Verse 13 clarifies verse 16, since to "give heed" to reading, to exhorting and to teaching is surely the same as to "take heed" to one's teaching (since they are in the same context). Since all three things vs. 13 says to give heed to are ACTS of reading, exhorting, and teaching (rather than CONTENTS), this weighs heavily that vs. l6, then, means to take heed to one's teaching as an ACTIVITY in the sense of doing the activity of teaching, rather than to take heed to one's doctrine or the CONTENTS in one's teaching. This is further shown by the fact that the Greek words for "the teaching" in both verses are identical so as to parallel this precise meaning. Timothy was to "take heed" to the DOING of the teaching in vs. 16 in the same sense that he was to give heed to the DOING of the reading, exhorting, and teaching in vs. 13. Both verses emphasize the ACTION part of the teaching, though the content meaning is not excluded.
"DOCTRINE" IN THE SENSE OF "INDOCTRINATE".
The Old English sense of the KJ word DOCTRINE was here the idea of "indoctrinate", as is found in 2 Tim. 4:2: "Preach the word, be instant in season, out of season, reprove, rebuke, exhort with all long-suffering and doctrine" (meaning "teaching" or "INDOCTRINATION," not CONTENT). In 2 Tim. 4 and in 1 Tim. 4, Timothy is being told to do the preaching of the word in season and out of season. He is being warned not to neglect to do the reproving, rebuking, and exhorting, which he obviously was being intimidated by some to neglect. Timothy, therefore, must do the work of an evangelist and fulfill his ministry by not being intimidated away from either:
(1) the teaching (as to its PRACTICE) or from
(2) the teaching (as to its CONTENT).
Just to take heed to preserving the right doctrine did not fulfill his ministry unless he also took heed to indoctrinating the gospel to the church and to all the lost. Taking heed to TEACHING the gospel to the lost is not essentially different from taking heed to the CONTENTS of the saving gospel.
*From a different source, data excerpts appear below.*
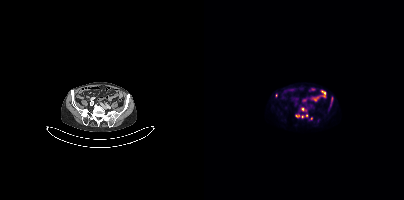
Left: CT. Right: PSMA PET, same axial level, 18F-PSMA tracer. PET panel 200×200 px (4.1 mm/px). Coordinates are on the 200×200 PET (right) panel. (showing 5 of 7 foci) Small PSMA-avid foci (2 to 4 px across) near (center x, center y): (99, 109) | (72, 95) | (102, 115) | (92, 115) | (107, 118).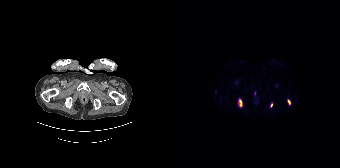
Coordinates are on the 168×168 PET (right) panel. PSMA-avid tumor lesion bounding boxes (x0, y0)-(x1, y1): (66, 98)-(70, 107); (116, 100)-(118, 104). Small PSMA-avid focus (2 to 4 px across) near (center x, center y): (99, 104).
modality: PSMA PET/CT | tracer: 18F-PSMA | view: axial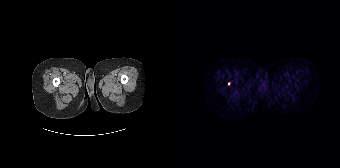
{"modality":"PSMA PET/CT","view":"axial","tracer":"[68Ga]Ga-PSMA-11","pet_grid":[168,168],"coord_frame":"pet_panel","coord_format":"x0,y0,x1,y1","lesion_bboxes":[],"small_foci_centers":[[56,83]]}
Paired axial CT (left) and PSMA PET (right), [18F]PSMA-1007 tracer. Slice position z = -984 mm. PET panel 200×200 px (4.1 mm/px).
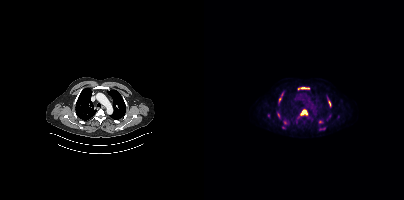
Coordinates are on the 200×200 PET (right) panel. (showing 7 of 10 foci) PSMA-avid tumor lesion bounding boxes (x, y, width, height): x=97 y=110 w=6 h=5 / x=124 y=101 w=4 h=6 / x=75 y=97 w=3 h=5 / x=97 y=87 w=6 h=2. Small PSMA-avid foci (2 to 4 px across) near (center x, center y): (116, 121) / (118, 128) / (74, 115).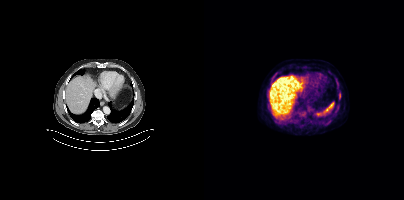
Findings: Coordinates are on the 200×200 PET (right) panel. (showing 1 of 2 foci) PSMA-avid tumor lesion bounding box (x0, y0)-(x1, y1): (135, 92)-(136, 99).
- Two-panel axial: CT | PSMA PET, 18F tracer
- acquired on Siemens Biograph mCT Flow 20
- PET panel 200×200 px (4.1 mm/px)
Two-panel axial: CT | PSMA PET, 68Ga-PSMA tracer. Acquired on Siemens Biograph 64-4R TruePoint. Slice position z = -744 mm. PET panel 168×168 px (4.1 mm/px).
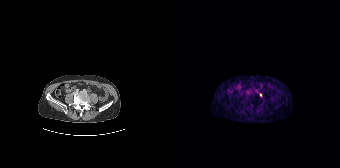
Coordinates are on the 168×168 PET (right) panel. Small PSMA-avid focus (2 to 4 px across) near (center x, center y): (88, 94).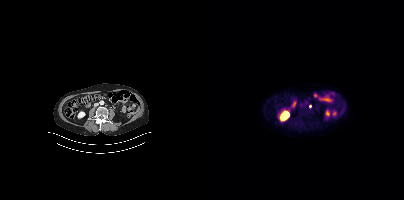
- Two-panel axial: CT | PSMA PET, 18F-PSMA tracer
Findings: Only PSMA-avid lesion pieces thinner than 2 px on this slice (not listed).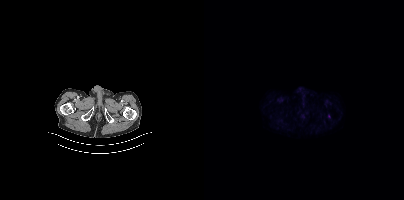
Two-panel axial: CT | PSMA PET, 18F-PSMA tracer. PET panel 200×200 px (4.1 mm/px). Coordinates are on the 200×200 PET (right) panel. Small PSMA-avid focus (2 to 4 px across) near (center x, center y): (125, 116).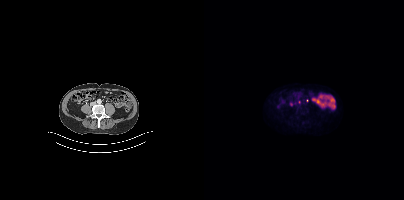
- Left: CT. Right: PSMA PET, same axial level, [18F]PSMA-1007 tracer
- slice position z = -1436 mm
Findings: Coordinates are on the 200×200 PET (right) panel. (showing 1 of 3 foci) Small PSMA-avid focus (2 to 4 px across) near (center x, center y): (87, 104).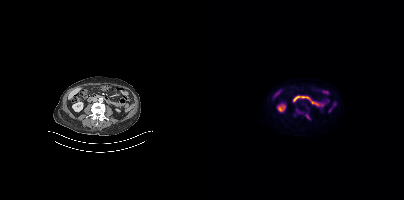
Coordinates are on the 200×200 PET (right) panel. (showing 2 of 3 foci) PSMA-avid tumor lesion bounding boxes (x0,y0,x1,y1): [101,113,106,119] [92,109,99,113].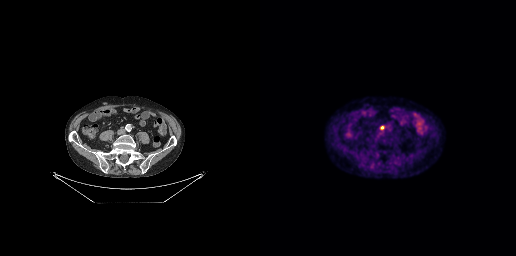
Coordinates are on the 256×256 PET (right) panel. PSMA-avid tumor lesion bounding box (x0, y0)-(x1, y1): (120, 126)-(124, 129).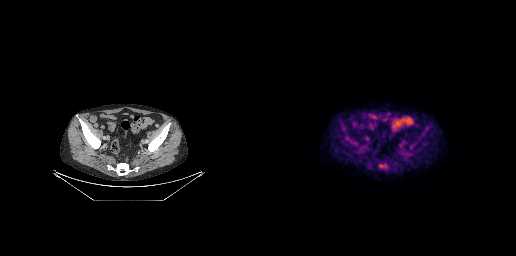
Two-panel axial: CT | PSMA PET, 18F-PSMA tracer. No PSMA-avid tumor lesions on this slice.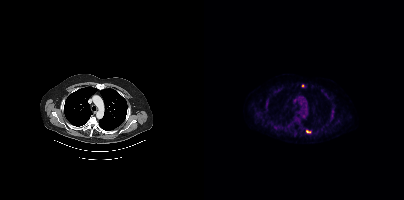
Coordinates are on the 200×200 PET (right) panel. PSMA-avid tumor lesion bounding box (x, y, width, height): x=102 y=130 w=5 h=3. Small PSMA-avid focus (2 to 4 px across) near (center x, center y): (98, 85).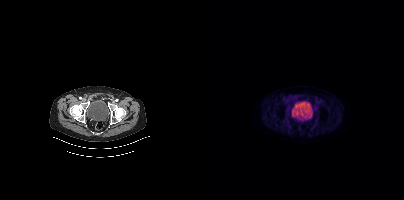
Two-panel axial: CT | PSMA PET, [18F]PSMA-1007 tracer. Slice 84 of 409. PET panel 200×200 px (4.1 mm/px). No PSMA-avid tumor lesions on this slice.

DO THE JOB OF AN EVANGELIST.
Both 1 Tim. 4 and 2 Tim. 4 are charging Timothy to "fulfill his ministry" by doing the job of an evangelist. This is like saying to a nurse, "Do your job as a nurse." Since the work of a nurse, is to nurse, therefore, to do the work of a nurse is to do her job of nursing. Since the work of an evangelist is to evangelize, therefore, to do the work of an evangelist is to evangelize. There are many more things that can be said about the place and work of an evangelist in the church, but these should make every evangelist realize that he has a specific and special place and work in the church. That work is to evangelize, to teach and preach the gospel to "all men". and not to be turned aside from that work to do the work of elders or deacons or other Christians. The work of an evangelist is to indoctrinate the congregation and all men with the good news, the gospel.